Tentara Salib memilih untuk menyerang Damaskus dari timur, dimana kebun akan memberi mereka makanan konstan. Mereka tiba pada tanggal 23 Juli, dengan pasukan Yerusalem di garis depan, diikuti dengan Louis dan lalu Conrad sebagai penjaga belakang. Orang Muslim bersiap untuk serangan dan langsung menyerang pasukan yang maju menuju perkebunan. Pasukan Salib mampu melawan mereka dan mengejar mereka kembali ke Sungai Barada dan menuju Damaskus; setelah tiba diluar tembok kota, mereka langsung menyerang Damaskus. Damaskus telah meminta bantuan dari Saifuddin Ghazi I dari Aleppo dan Nuruddin dari Mosul.
Pengepungan Damaskus adalah sebuah kegagalan besar, yang hanya mampu mengepung beberapa hari saja. Pada mulanya tentara salib mengalami kemajuan dengan menaklukkan sebagian perkebunan buah di luar kota. Kemudian kaum Frank Yerusalem mengusulkan untuk memindah posisi tentara salib di bawah benteng agar tentara muslim tidak dapat berlindung di pohon-pohon. Ternyata posisi ini justru fatal bagi tentara salib dan mereka menuduh kaum Frank Yerusalem telah menerima suap dari Nuruddin. Di saat yang kacau itu, pasukan bantuan Nuruddin datang. Kaum Frank Yerusalem berusaha membujuk tentara salib untuk mengakhiri pengepungan. Tentara salib mundur kembali Pertama Conrad, lalu sisa dari pasukan, memilih untuk mundur ke Yerusalem.

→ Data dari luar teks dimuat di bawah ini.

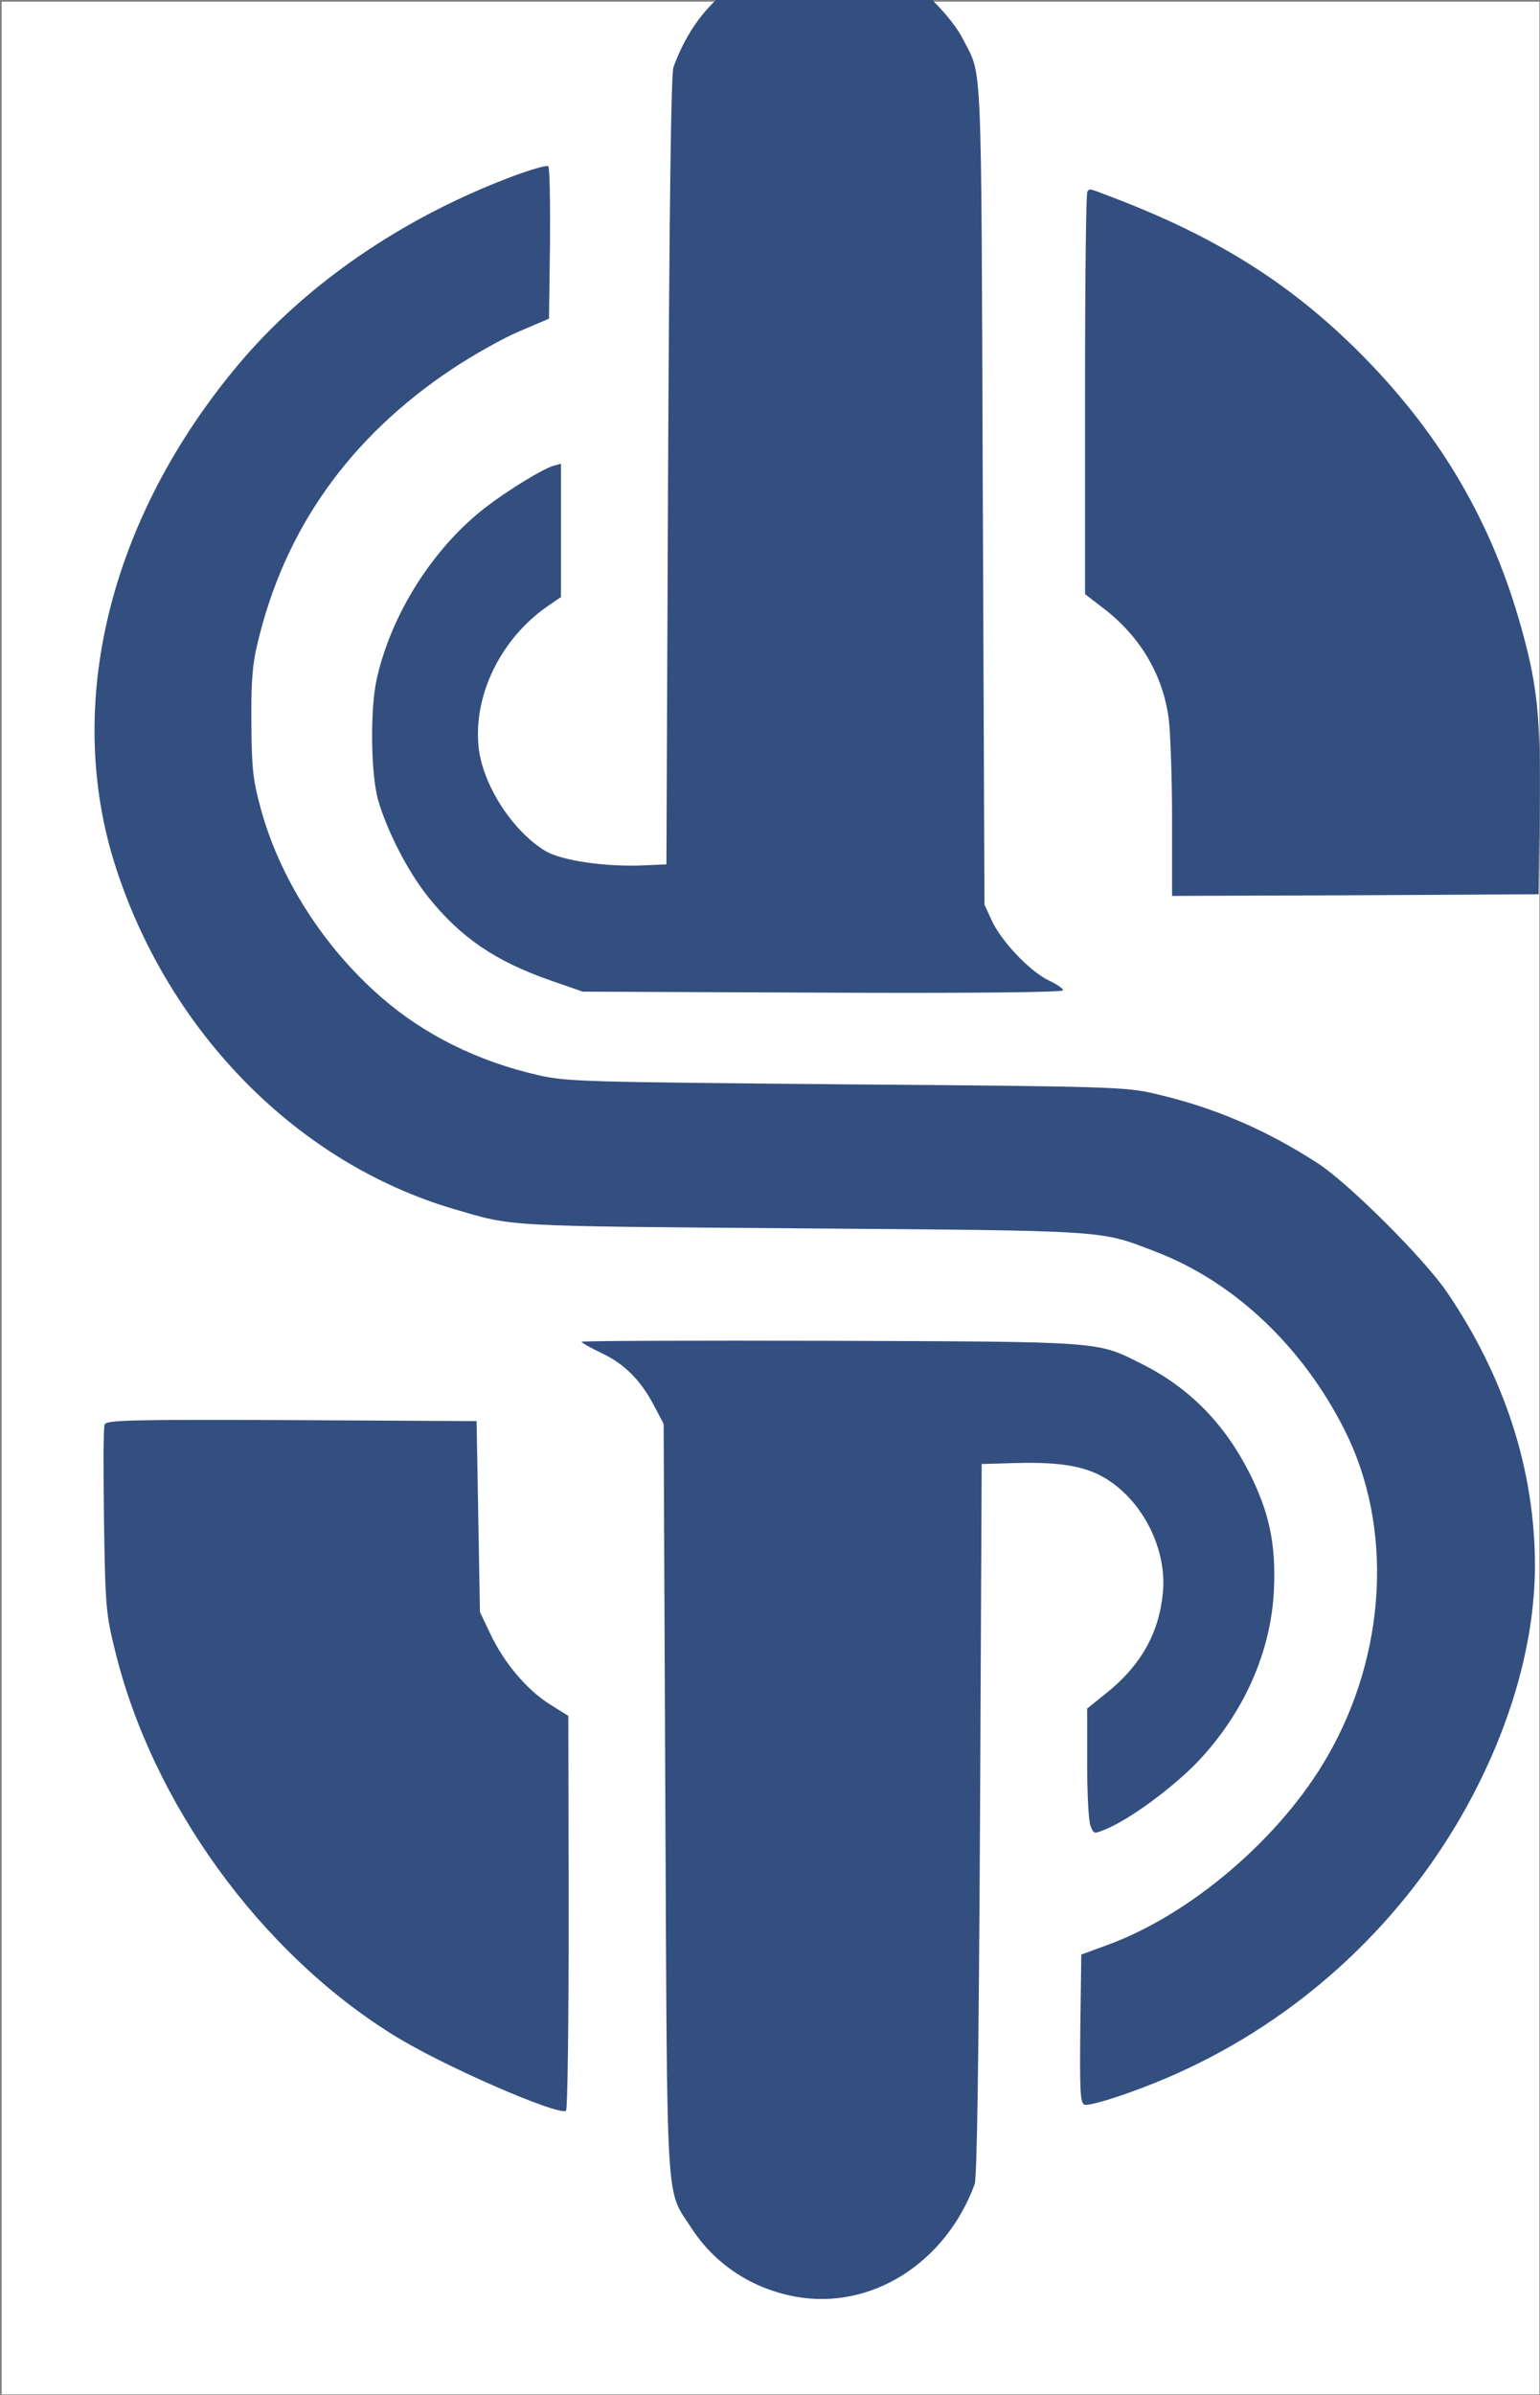 <svg xmlns="http://www.w3.org/2000/svg" xml:space="preserve" width="276" height="429"><rect width="100%" height="100%" fill="#808080" stroke="none"/><path fill="#fff" d="M.3.3h275.6v428.6H.3z"/><path d="M5036 8899c-144-50-244-151-300-304-7-21-12-391-16-1205l-5-1175-68-3c-114-5-243 14-292 42-99 59-189 198-201 311-16 155 66 323 205 420l41 28v398l-22-6c-32-9-133-71-199-121-160-122-287-322-330-519-19-89-17-276 4-355 26-92 88-214 150-292 97-121 200-192 367-250l95-33 718-3c453-2 717 1 717 7 0 5-20 19-44 30-56 27-141 117-169 178l-22 48-5 1230c-5 1340-1 1239-60 1355-26 52-100 132-156 171-102 70-283 91-408 48z" style="opacity:1;fill:#334f80;fill-rule:nonzero;stroke:none;stroke-width:1;stroke-linecap:butt;stroke-linejoin:miter;stroke-miterlimit:4;stroke-dasharray:none;stroke-dashoffset:0" transform="matrix(.06 0 0 -.06 -163.465 527.732)"/><path d="M4284 8210c-327-123-615-321-816-560-388-462-524-1021-366-1505 161-494 544-880 1008-1017 182-53 137-51 1040-58 926-7 890-5 1058-70 235-90 440-285 565-535 144-288 124-664-52-970-139-243-408-473-657-564l-79-29-3-221c-2-185 0-222 12-227 17-7 172 45 281 95 353 159 651 429 845 766 142 247 220 511 220 749 0 283-90 562-263 816-69 101-293 324-385 384-156 101-310 167-487 208-86 20-124 22-920 28-784 7-835 8-920 27-181 41-341 120-470 232-174 151-306 359-362 568-23 85-26 119-27 253-1 119 3 174 18 235 80 341 274 616 582 821 62 41 152 92 200 112l89 38 3 224c1 123-1 227-5 231-5 4-53-10-109-31z" style="opacity:1;fill:#334f80;fill-rule:nonzero;stroke:none;stroke-width:1;stroke-linecap:butt;stroke-linejoin:miter;stroke-miterlimit:4;stroke-dasharray:none;stroke-dashoffset:0" transform="matrix(.06 0 0 -.06 -165.309 524.24)"/><path d="M5987 8233c-4-3-7-275-7-604v-598l61-47c107-84 172-197 189-325 5-41 10-176 10-302v-227l548 2 547 3 3 253c3 290-7 378-63 571-89 304-243 562-479 797-206 205-427 343-735 460-73 28-66 26-74 17z" style="opacity:1;fill:#334f80;fill-rule:nonzero;stroke:none;stroke-width:1;stroke-linecap:butt;stroke-linejoin:miter;stroke-miterlimit:4;stroke-dasharray:none;stroke-dashoffset:0" transform="matrix(.06 0 0 -.06 -164.34 528.286)"/><path d="M4470 4740c0-3 27-18 60-34 68-32 117-81 157-158l28-53 5-1120c6-1252 0-1160 78-1281 71-109 181-181 312-205 225-40 447 100 534 336 7 21 12 355 16 1090l5 1060 100 3c144 4 222-11 287-57 103-72 167-210 154-332-12-121-67-217-170-299l-56-45v-162c0-89 4-173 10-188 10-25 10-25 46-10 73 30 201 125 275 202 138 146 219 329 227 514 6 136-14 229-73 347-75 148-180 255-322 326-135 68-111 66-931 69-408 1-742 0-742-3z" style="opacity:1;fill:#334f80;fill-rule:nonzero;stroke:none;stroke-width:1;stroke-linecap:butt;stroke-linejoin:miter;stroke-miterlimit:4;stroke-dasharray:none;stroke-dashoffset:0" transform="matrix(.06 0 0 -.06 -163.961 524.754)"/><path d="M3014 4505c-4-8-4-138-2-287 4-258 6-279 33-388 111-455 433-900 830-1147 145-91 492-242 517-227 5 3 8 269 8 592l-1 587-56 35c-68 43-136 123-177 210l-31 65-5 285-5 285-553 3c-484 2-553 0-558-13z" style="opacity:1;fill:#334f80;fill-rule:nonzero;stroke:none;stroke-width:1;stroke-linecap:butt;stroke-linejoin:miter;stroke-miterlimit:4;stroke-dasharray:none;stroke-dashoffset:0" transform="matrix(.06 0 0 -.06 -162.084 525.463)"/></svg>

Kegagalan dari Perang Salib kedua begitu mematahkan semangat, dan banyak di Eropa merasa bahwa Kekaisaran Byzantine merupakan halangan dalam mencapai kesuksesan. Kegagalan ini juga merupakan tiupan moral yang kuat bagi Pasukan Muslim yang telah berhasil secara sebagian mengurangi kekalahan mereka di Perang Salib pertama.
Posisi dari negara bagian para Prajurit Salib saat itu lemah, dan di tahun tahun selanjutnya mereka dikelilingi oleh kekuatan Muslim yang telah berkonsolidasi yang diikuti oleh hancurnya Kalifah Fatimid di Mesir.